Output the lines from the top of the entries below to the line with "Q: Is the spacing between letters", both included, exactly and without pictures.

(Records from a collection)
----
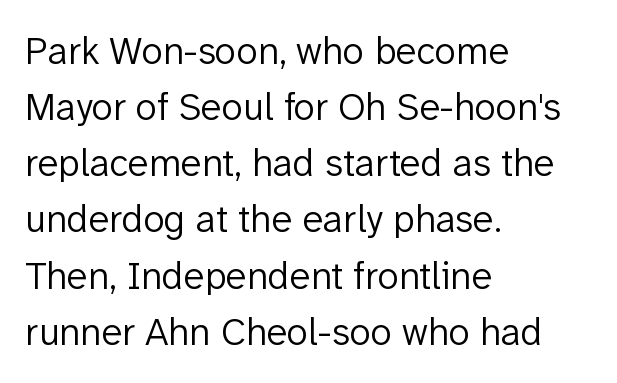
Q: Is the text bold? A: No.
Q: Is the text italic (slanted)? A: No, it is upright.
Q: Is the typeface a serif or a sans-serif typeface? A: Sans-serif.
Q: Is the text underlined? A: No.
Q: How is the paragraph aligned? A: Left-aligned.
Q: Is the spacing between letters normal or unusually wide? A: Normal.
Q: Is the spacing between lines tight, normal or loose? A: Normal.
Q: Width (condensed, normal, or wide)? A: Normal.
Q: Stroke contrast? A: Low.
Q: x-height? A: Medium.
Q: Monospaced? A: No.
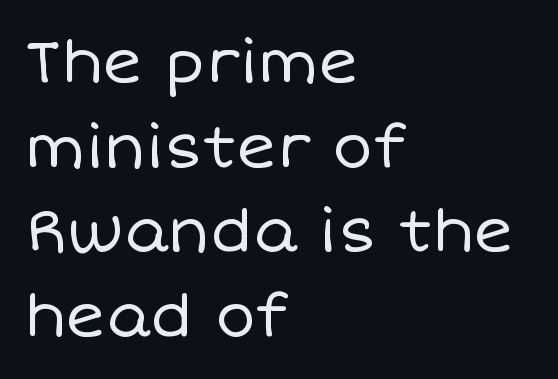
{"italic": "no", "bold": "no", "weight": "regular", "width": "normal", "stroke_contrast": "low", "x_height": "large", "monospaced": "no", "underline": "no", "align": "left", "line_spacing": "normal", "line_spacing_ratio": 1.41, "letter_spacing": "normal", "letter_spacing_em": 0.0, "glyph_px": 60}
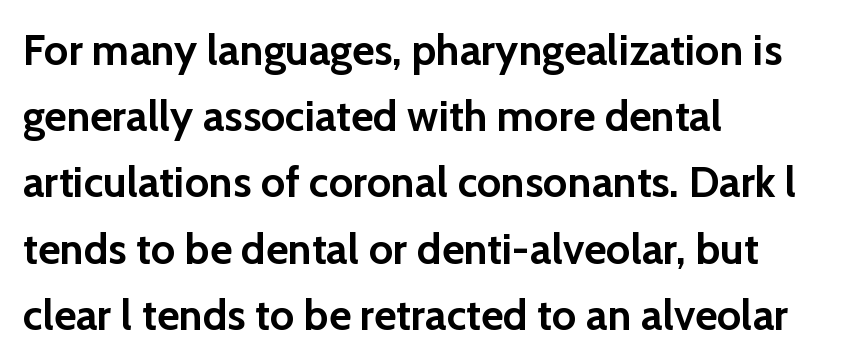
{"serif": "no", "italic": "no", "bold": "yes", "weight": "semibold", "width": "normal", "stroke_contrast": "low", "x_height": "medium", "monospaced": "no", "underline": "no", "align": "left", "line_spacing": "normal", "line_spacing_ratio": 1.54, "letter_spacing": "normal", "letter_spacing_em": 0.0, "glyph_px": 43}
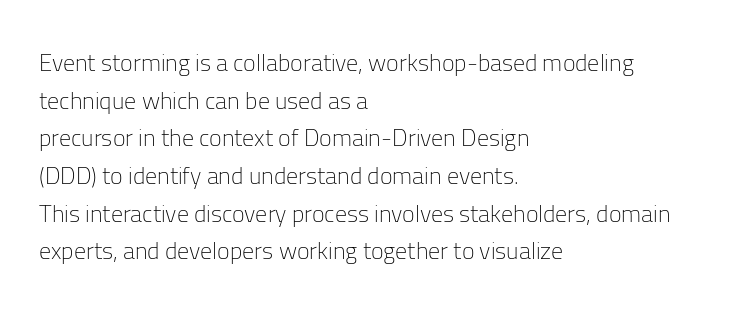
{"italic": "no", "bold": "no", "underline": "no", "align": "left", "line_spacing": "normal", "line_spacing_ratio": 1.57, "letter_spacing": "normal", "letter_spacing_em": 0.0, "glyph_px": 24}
----
ANSWER BOX =>
Q: Is the text bold? A: No.
Q: Is the text italic (slanted)? A: No, it is upright.
Q: Is the typeface a serif or a sans-serif typeface? A: Sans-serif.
Q: Is the text underlined? A: No.
Q: How is the paragraph aligned? A: Left-aligned.
Q: Is the spacing between letters normal or unusually wide? A: Normal.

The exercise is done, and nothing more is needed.